Jak to jest z tym fotelikiem dla dzieci? Zasada 150 cm nie zawsze działa

Dziecko musi siedzieć w foteliku do momentu, w którym osiągnie 150 cm wzrostu? Trochę tak, a trochę nie. Bo przepisy przewidują wyjątki od tej zasady. I wiedza na ich temat jest ważna. Szczególnie że może uchronić kierowcę przed 6 punktami karnymi.

O tym aspekcie i wielu innych przeczytacie więcej na stronie Gazeta.pl.

Bezpieczeństwo jest słowem-kluczem, które powinno przyświecać każdemu kierowcy. A absolutną jego podstawą jest zapięcie pasów bezpieczeństwa.
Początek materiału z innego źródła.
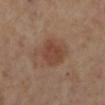The lesion was tiled from a total-body skin photograph and was not biopsied.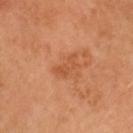This lesion was catalogued during total-body skin photography and was not selected for biopsy.
Imaged with cross-polarized lighting.
Longest diameter approximately 3.5 mm.
From the head or neck.
A male patient, aged approximately 45.
A 15 mm crop from a total-body photograph taken for skin-cancer surveillance.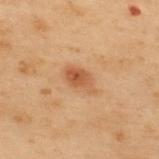Recorded during total-body skin imaging; not selected for excision or biopsy.
Imaged with cross-polarized lighting.
A male subject aged 53 to 57.
An algorithmic analysis of the crop reported a footprint of about 6 mm², an outline eccentricity of about 0.85 (0 = round, 1 = elongated), and a symmetry-axis asymmetry near 0.35. It also reported an average lesion color of about L≈45 a*≈20 b*≈32 (CIELAB) and roughly 9 lightness units darker than nearby skin. The analysis additionally found a border-irregularity rating of about 3.5/10, a color-variation rating of about 4/10, and peripheral color asymmetry of about 1.5. The software also gave an automated nevus-likeness rating near 65 out of 100 and a lesion-detection confidence of about 100/100.
A lesion tile, about 15 mm wide, cut from a 3D total-body photograph.
The lesion's longest dimension is about 3.5 mm.
On the upper back.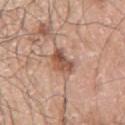Impression: This lesion was catalogued during total-body skin photography and was not selected for biopsy. Background: On the arm. Measured at roughly 4 mm in maximum diameter. The tile uses white-light illumination. A male patient, approximately 70 years of age. A close-up tile cropped from a whole-body skin photograph, about 15 mm across.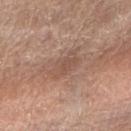| feature | finding |
|---|---|
| site | the right forearm |
| diameter | ~4 mm (longest diameter) |
| lighting | white-light illumination |
| patient | female, in their 60s |
| image | ~15 mm tile from a whole-body skin photo |
| TBP lesion metrics | a lesion area of about 6.5 mm², an outline eccentricity of about 0.85 (0 = round, 1 = elongated), and a shape-asymmetry score of about 0.25 (0 = symmetric); a lesion color around L≈52 a*≈19 b*≈26 in CIELAB and roughly 7 lightness units darker than nearby skin |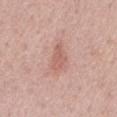The lesion was tiled from a total-body skin photograph and was not biopsied.
The recorded lesion diameter is about 4 mm.
The subject is a male aged 68 to 72.
A 15 mm close-up tile from a total-body photography series done for melanoma screening.
The lesion is on the abdomen.
The tile uses white-light illumination.
Automated image analysis of the tile measured an area of roughly 4.5 mm², an eccentricity of roughly 0.9, and a symmetry-axis asymmetry near 0.3. And it measured a mean CIELAB color near L≈60 a*≈24 b*≈25. And it measured a border-irregularity index near 4/10 and a within-lesion color-variation index near 1/10. The software also gave a classifier nevus-likeness of about 10/100 and a detector confidence of about 100 out of 100 that the crop contains a lesion.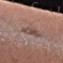The subject is a female roughly 25 years of age.
Captured under white-light illumination.
The total-body-photography lesion software estimated a lesion area of about 6.5 mm², a shape eccentricity near 0.95, and a shape-asymmetry score of about 0.25 (0 = symmetric). And it measured a mean CIELAB color near L≈48 a*≈16 b*≈21 and a normalized border contrast of about 6. It also reported a classifier nevus-likeness of about 0/100 and a detector confidence of about 90 out of 100 that the crop contains a lesion.
A lesion tile, about 15 mm wide, cut from a 3D total-body photograph.
From the right forearm.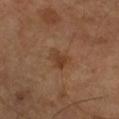The lesion was photographed on a routine skin check and not biopsied; there is no pathology result. Measured at roughly 3 mm in maximum diameter. A 15 mm close-up extracted from a 3D total-body photography capture. The subject is a male in their mid- to late 60s. Imaged with cross-polarized lighting. From the right lower leg.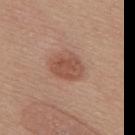Q: Was this lesion biopsied?
A: total-body-photography surveillance lesion; no biopsy
Q: What is the anatomic site?
A: the back
Q: Automated lesion metrics?
A: a lesion area of about 9 mm², an outline eccentricity of about 0.65 (0 = round, 1 = elongated), and a symmetry-axis asymmetry near 0.2; a nevus-likeness score of about 90/100 and a detector confidence of about 100 out of 100 that the crop contains a lesion
Q: What is the imaging modality?
A: ~15 mm tile from a whole-body skin photo
Q: Patient demographics?
A: female, about 65 years old
Q: What lighting was used for the tile?
A: white-light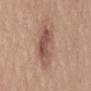Findings:
– follow-up · imaged on a skin check; not biopsied
– anatomic site · the lower back
– image · ~15 mm tile from a whole-body skin photo
– lighting · white-light illumination
– size · about 4.5 mm
– subject · female, about 20 years old
– image-analysis metrics · a mean CIELAB color near L≈52 a*≈20 b*≈26, a lesion–skin lightness drop of about 11, and a normalized border contrast of about 7.5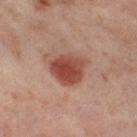<lesion>
  <biopsy_status>not biopsied; imaged during a skin examination</biopsy_status>
  <lesion_size>
    <long_diameter_mm_approx>4.5</long_diameter_mm_approx>
  </lesion_size>
  <site>left thigh</site>
  <automated_metrics>
    <area_mm2_approx>12.0</area_mm2_approx>
    <shape_asymmetry>0.25</shape_asymmetry>
  </automated_metrics>
  <lighting>cross-polarized</lighting>
  <patient>
    <sex>female</sex>
    <age_approx>55</age_approx>
  </patient>
  <image>
    <source>total-body photography crop</source>
    <field_of_view_mm>15</field_of_view_mm>
  </image>
</lesion>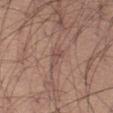workup — no biopsy performed (imaged during a skin exam)
site — the left thigh
patient — male, aged around 45
lesion diameter — ≈3 mm
acquisition — ~15 mm tile from a whole-body skin photo
TBP lesion metrics — a symmetry-axis asymmetry near 0.5; a lesion color around L≈49 a*≈19 b*≈23 in CIELAB, a lesion–skin lightness drop of about 7, and a lesion-to-skin contrast of about 5.5 (normalized; higher = more distinct); an automated nevus-likeness rating near 0 out of 100 and a lesion-detection confidence of about 80/100
tile lighting — white-light illumination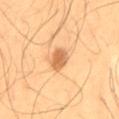* notes: no biopsy performed (imaged during a skin exam)
* lesion diameter: ≈3.5 mm
* lighting: cross-polarized illumination
* site: the mid back
* imaging modality: 15 mm crop, total-body photography
* subject: male, approximately 55 years of age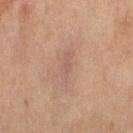Q: Was this lesion biopsied?
A: no biopsy performed (imaged during a skin exam)
Q: What lighting was used for the tile?
A: cross-polarized
Q: What is the anatomic site?
A: the right thigh
Q: Automated lesion metrics?
A: a footprint of about 4.5 mm² and two-axis asymmetry of about 0.3; a mean CIELAB color near L≈50 a*≈17 b*≈23, about 5 CIELAB-L* units darker than the surrounding skin, and a lesion-to-skin contrast of about 4.5 (normalized; higher = more distinct); a nevus-likeness score of about 0/100 and lesion-presence confidence of about 75/100
Q: Patient demographics?
A: female, about 60 years old
Q: What kind of image is this?
A: ~15 mm tile from a whole-body skin photo
Q: What is the lesion's diameter?
A: about 4 mm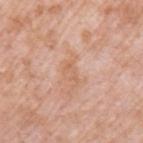This lesion was catalogued during total-body skin photography and was not selected for biopsy.
The subject is a male aged 48–52.
The lesion is located on the left upper arm.
About 2.5 mm across.
Cropped from a whole-body photographic skin survey; the tile spans about 15 mm.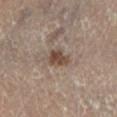follow-up: catalogued during a skin exam; not biopsied | location: the leg | diameter: about 2.5 mm | subject: female, approximately 60 years of age | imaging modality: 15 mm crop, total-body photography.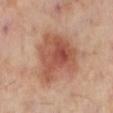biopsy status — imaged on a skin check; not biopsied
automated metrics — a classifier nevus-likeness of about 100/100 and lesion-presence confidence of about 100/100
site — the left lower leg
lesion diameter — ~7 mm (longest diameter)
lighting — cross-polarized illumination
acquisition — 15 mm crop, total-body photography
subject — female, in their mid- to late 50s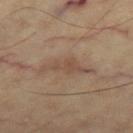No biopsy was performed on this lesion — it was imaged during a full skin examination and was not determined to be concerning. A male subject aged 63 to 67. The lesion is located on the right thigh. Cropped from a whole-body photographic skin survey; the tile spans about 15 mm.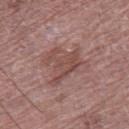biopsy status: no biopsy performed (imaged during a skin exam)
anatomic site: the right thigh
image source: ~15 mm tile from a whole-body skin photo
patient: male, approximately 75 years of age
size: about 5 mm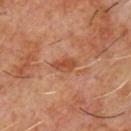Assessment:
Captured during whole-body skin photography for melanoma surveillance; the lesion was not biopsied.
Background:
The lesion is on the chest. The subject is a male aged 58–62. A 15 mm close-up tile from a total-body photography series done for melanoma screening.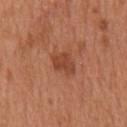This lesion was catalogued during total-body skin photography and was not selected for biopsy.
The patient is a male aged around 65.
An algorithmic analysis of the crop reported a lesion area of about 5 mm², an outline eccentricity of about 0.75 (0 = round, 1 = elongated), and a symmetry-axis asymmetry near 0.3. It also reported an average lesion color of about L≈45 a*≈27 b*≈33 (CIELAB) and a normalized border contrast of about 7. And it measured border irregularity of about 3 on a 0–10 scale, a within-lesion color-variation index near 2/10, and peripheral color asymmetry of about 0.5.
This is a white-light tile.
This image is a 15 mm lesion crop taken from a total-body photograph.
Located on the mid back.
Approximately 3.5 mm at its widest.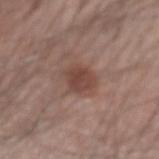Clinical impression:
No biopsy was performed on this lesion — it was imaged during a full skin examination and was not determined to be concerning.
Image and clinical context:
On the left forearm. A 15 mm close-up tile from a total-body photography series done for melanoma screening. The tile uses white-light illumination. Automated tile analysis of the lesion measured border irregularity of about 1.5 on a 0–10 scale and a within-lesion color-variation index near 2.5/10. And it measured a classifier nevus-likeness of about 85/100 and a lesion-detection confidence of about 100/100. A male patient, in their mid-40s.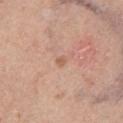Part of a total-body skin-imaging series; this lesion was reviewed on a skin check and was not flagged for biopsy.
The subject is a male aged 48 to 52.
A close-up tile cropped from a whole-body skin photograph, about 15 mm across.
Approximately 1 mm at its widest.
The lesion is on the chest.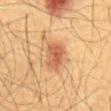Q: Is there a histopathology result?
A: total-body-photography surveillance lesion; no biopsy
Q: What is the anatomic site?
A: the abdomen
Q: What are the patient's age and sex?
A: male, approximately 60 years of age
Q: What did automated image analysis measure?
A: an eccentricity of roughly 0.75 and a symmetry-axis asymmetry near 0.25; a color-variation rating of about 3.5/10 and radial color variation of about 1; a classifier nevus-likeness of about 100/100 and a detector confidence of about 100 out of 100 that the crop contains a lesion
Q: What is the imaging modality?
A: ~15 mm tile from a whole-body skin photo
Q: How large is the lesion?
A: ~3.5 mm (longest diameter)
Q: What lighting was used for the tile?
A: cross-polarized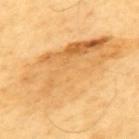Assessment:
This lesion was catalogued during total-body skin photography and was not selected for biopsy.
Background:
Measured at roughly 13 mm in maximum diameter. Located on the upper back. A male subject, aged 58 to 62. A 15 mm close-up tile from a total-body photography series done for melanoma screening. Imaged with cross-polarized lighting.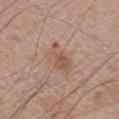workup: total-body-photography surveillance lesion; no biopsy | lighting: white-light illumination | image source: total-body-photography crop, ~15 mm field of view | location: the chest | TBP lesion metrics: an area of roughly 8 mm², an outline eccentricity of about 0.8 (0 = round, 1 = elongated), and two-axis asymmetry of about 0.35 | lesion size: ≈4 mm | patient: male, about 65 years old.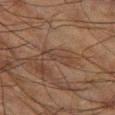Assessment: The lesion was photographed on a routine skin check and not biopsied; there is no pathology result. Context: A male patient aged around 65. This image is a 15 mm lesion crop taken from a total-body photograph. From the left thigh.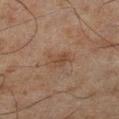Assessment:
The lesion was tiled from a total-body skin photograph and was not biopsied.
Acquisition and patient details:
From the left lower leg. Longest diameter approximately 2.5 mm. A 15 mm crop from a total-body photograph taken for skin-cancer surveillance. The patient is a male aged 43 to 47.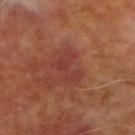Impression: Imaged during a routine full-body skin examination; the lesion was not biopsied and no histopathology is available. Image and clinical context: A male patient, aged 68 to 72. This is a cross-polarized tile. Automated tile analysis of the lesion measured an area of roughly 6 mm², an outline eccentricity of about 0.75 (0 = round, 1 = elongated), and a shape-asymmetry score of about 0.55 (0 = symmetric). It also reported an average lesion color of about L≈31 a*≈23 b*≈23 (CIELAB), roughly 5 lightness units darker than nearby skin, and a normalized lesion–skin contrast near 5. The software also gave a border-irregularity rating of about 8/10, a within-lesion color-variation index near 1.5/10, and peripheral color asymmetry of about 0.5. The analysis additionally found a classifier nevus-likeness of about 0/100 and lesion-presence confidence of about 100/100. The lesion is located on the right forearm. A lesion tile, about 15 mm wide, cut from a 3D total-body photograph. The lesion's longest dimension is about 4 mm.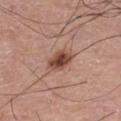A male subject, roughly 75 years of age. The recorded lesion diameter is about 3 mm. Automated tile analysis of the lesion measured a footprint of about 7 mm², an eccentricity of roughly 0.6, and two-axis asymmetry of about 0.15. A close-up tile cropped from a whole-body skin photograph, about 15 mm across. On the leg. The tile uses white-light illumination.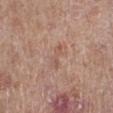{
  "biopsy_status": "not biopsied; imaged during a skin examination",
  "patient": {
    "sex": "male",
    "age_approx": 80
  },
  "image": {
    "source": "total-body photography crop",
    "field_of_view_mm": 15
  },
  "automated_metrics": {
    "area_mm2_approx": 3.0,
    "eccentricity": 0.95,
    "shape_asymmetry": 0.3,
    "cielab_L": 55,
    "cielab_a": 20,
    "cielab_b": 27,
    "vs_skin_contrast_norm": 4.5,
    "border_irregularity_0_10": 4.5,
    "color_variation_0_10": 0.0,
    "peripheral_color_asymmetry": 0.0
  },
  "lighting": "white-light",
  "site": "left leg",
  "lesion_size": {
    "long_diameter_mm_approx": 3.0
  }
}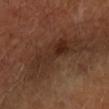No biopsy was performed on this lesion — it was imaged during a full skin examination and was not determined to be concerning. Longest diameter approximately 8.5 mm. A female subject about 60 years old. From the arm. Captured under cross-polarized illumination. A 15 mm crop from a total-body photograph taken for skin-cancer surveillance.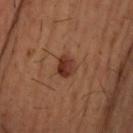Impression:
Captured during whole-body skin photography for melanoma surveillance; the lesion was not biopsied.
Background:
This is a cross-polarized tile. Cropped from a total-body skin-imaging series; the visible field is about 15 mm. The lesion is located on the upper back. A male subject, aged approximately 35. Measured at roughly 2.5 mm in maximum diameter.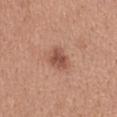Background: On the upper back. A female subject in their 30s. Cropped from a total-body skin-imaging series; the visible field is about 15 mm.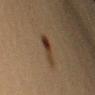A female patient, aged 38–42. On the left upper arm. Cropped from a whole-body photographic skin survey; the tile spans about 15 mm. Approximately 3 mm at its widest.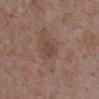* follow-up: no biopsy performed (imaged during a skin exam)
* site: the upper back
* imaging modality: 15 mm crop, total-body photography
* subject: female, roughly 35 years of age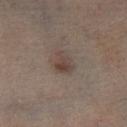Notes:
- workup · imaged on a skin check; not biopsied
- automated lesion analysis · a footprint of about 4.5 mm², an outline eccentricity of about 0.65 (0 = round, 1 = elongated), and a symmetry-axis asymmetry near 0.35; a mean CIELAB color near L≈40 a*≈14 b*≈20 and about 8 CIELAB-L* units darker than the surrounding skin; a border-irregularity index near 3.5/10, internal color variation of about 3 on a 0–10 scale, and peripheral color asymmetry of about 1
- imaging modality · ~15 mm tile from a whole-body skin photo
- lesion size · ≈2.5 mm
- illumination · cross-polarized
- subject · male, about 50 years old
- anatomic site · the left leg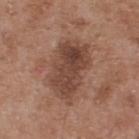{
  "image": {
    "source": "total-body photography crop",
    "field_of_view_mm": 15
  },
  "site": "upper back",
  "patient": {
    "sex": "male",
    "age_approx": 55
  }
}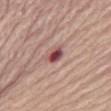Q: Was this lesion biopsied?
A: imaged on a skin check; not biopsied
Q: What is the anatomic site?
A: the chest
Q: How was the tile lit?
A: white-light
Q: What is the imaging modality?
A: 15 mm crop, total-body photography
Q: Automated lesion metrics?
A: a footprint of about 3.5 mm² and an eccentricity of roughly 0.8; a lesion–skin lightness drop of about 17 and a normalized border contrast of about 11.5
Q: What are the patient's age and sex?
A: female, aged approximately 65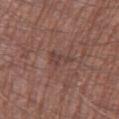Context:
Cropped from a whole-body photographic skin survey; the tile spans about 15 mm. Longest diameter approximately 3.5 mm. On the leg. The total-body-photography lesion software estimated an outline eccentricity of about 0.8 (0 = round, 1 = elongated) and two-axis asymmetry of about 0.4. A male subject in their mid- to late 60s. The tile uses white-light illumination.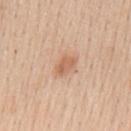No biopsy was performed on this lesion — it was imaged during a full skin examination and was not determined to be concerning. A male subject, aged 58–62. This is a white-light tile. The lesion-visualizer software estimated an area of roughly 4 mm², an outline eccentricity of about 0.8 (0 = round, 1 = elongated), and two-axis asymmetry of about 0.3. And it measured internal color variation of about 2.5 on a 0–10 scale and radial color variation of about 1. It also reported a nevus-likeness score of about 45/100 and a detector confidence of about 100 out of 100 that the crop contains a lesion. A region of skin cropped from a whole-body photographic capture, roughly 15 mm wide. From the mid back. About 3 mm across.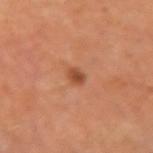patient=male, aged around 55 | automated metrics=a footprint of about 3 mm² and two-axis asymmetry of about 0.25; border irregularity of about 2 on a 0–10 scale, a within-lesion color-variation index near 1/10, and peripheral color asymmetry of about 0.5; an automated nevus-likeness rating near 90 out of 100 and lesion-presence confidence of about 100/100 | lighting=cross-polarized | lesion size=about 2.5 mm | site=the right upper arm | image source=~15 mm crop, total-body skin-cancer survey.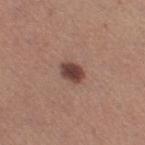Case summary:
- biopsy status — imaged on a skin check; not biopsied
- image source — total-body-photography crop, ~15 mm field of view
- patient — female, roughly 30 years of age
- TBP lesion metrics — a mean CIELAB color near L≈42 a*≈20 b*≈23, a lesion–skin lightness drop of about 14, and a lesion-to-skin contrast of about 11 (normalized; higher = more distinct); a border-irregularity index near 1.5/10, a within-lesion color-variation index near 3.5/10, and peripheral color asymmetry of about 1; a nevus-likeness score of about 95/100 and lesion-presence confidence of about 100/100
- site — the right thigh
- illumination — white-light

W przypadku dorosłych pasażerów pasy są oczywistą oczywistością. Niestety w przypadku dzieci nie sprawdzają się. Nie są dostosowane do potrzeb ich ciała – często oznaczają np. pas przebiegający przez szyję dziecka. A to zamiast tworzyć poczucie bezpieczeństwa, stanowi poważne zagrożenie. Na szczęście i ten przypadek przewidziało prawo. Sposób przewożenia dzieci w pojeździe został dokładnie opisany w art. 39 pkt 3 ustawy Prawo o ruchu drogowym.

Zobacz wideo Kierowca ciężarówki zahaczył o wózek z dziećmi. Policja publikuje nagranie

Jak przewozić dziecko w foteliku? Przepisy wskazują zasady

No dobrze, co zatem mówią przepisy? Nakładają na kierowcę obowiązek przewożenia dziecka w foteliku bezpieczeństwa lub innym urządzeniu przytrzymującym. Co ważne, fotelik lub urządzenie muszą być dostosowane do masy i wzrostu dziecka oraz powinny spełniać warunki techniczne określone w przepisach Unii Europejskiej. Kolejnym punktem jest obowiązywanie powyższych wymogów. Według ustawy są one aktualne do momentu, w którym dziecko ma mniej niż 150 cm wzrostu. Po przekroczeniu tej granicy młodociany pasażer może korzystać ze standardowych pasów bezpieczeństwa.

Kierowcy chcący przewozić dziecko autem w zgodzie z przepisami mają trzy możliwości. Pierwszą jest pełen fotelik, drugą podkładka, a trzecią podwyższenie zintegrowanie z fotelem w aucie (stosowane np. w autach Grupy Volkswagena czy Volvo).

Kiedy dziecko nie musi siedzieć w foteliku? Są trzy wyjątki

Na tym tak naprawdę treść tego tekstu można byłoby zakończyć. Ja tego jednak nie zrobię. I powód jest dość dobry, bo przepisy przewidują aż trzy wyjątki od powyższych reguł. Jak one wyglądają?

  • Kierowca może przewozić na tylnych fotelach dziecko zapięte wyłącznie pasami, nawet wtedy gdy nie ma ono 150 cm wzrostu. Muszą zostać spełnione jednak dwa wymogi. Dziecko musi mieć minimum 135 cm wzrostu, a do tego z uwagi na masę i wzrost dziecka nie jest możliwe zapewnienie fotelika bezpieczeństwa.
  • Kierowca może przewozić na tylnych fotelach dziecko zapięte wyłącznie pasami, w sytuacji w której na tylnej kanapie siedzi troje dzieci i nie da się zamontować trzech fotelików. Dziecko zapięte pasami musi mieć jednak co najmniej 3 lata.
  • Dziecko można przewozić bez fotelika w sytuacji, w której dziecko ma zaświadczenie lekarskie o przeciwwskazaniu do przewożenia w foteliku bezpieczeństwa lub innym urządzeniu przytrzymującym. Zaświadczenie lekarskie powinno zawierać imię i nazwisko dziecka, numer PESEL, okres ważności i znak graficzny.

Mandat za przewożenie dziecka bez fotelika

Bezpieczeństwo powinno być podstawową motywacją dla kierowcy w czasie dbania o młodocianych pasażerów. Kolejną może być mandat. W sytuacji, w której funkcjonariusze zauważą przewożenie dziecka bez fotelika, zatrzymają pojazd do kontroli drogowej. Jej skutkiem będzie 150-złotowy mandat. I choć kwota nie brzmi przerażająco, dużo większym problemem jest ilość punktów karnych. Bo wykroczenie oznacza dopisanie do konta kierowcy aż 6 punktów!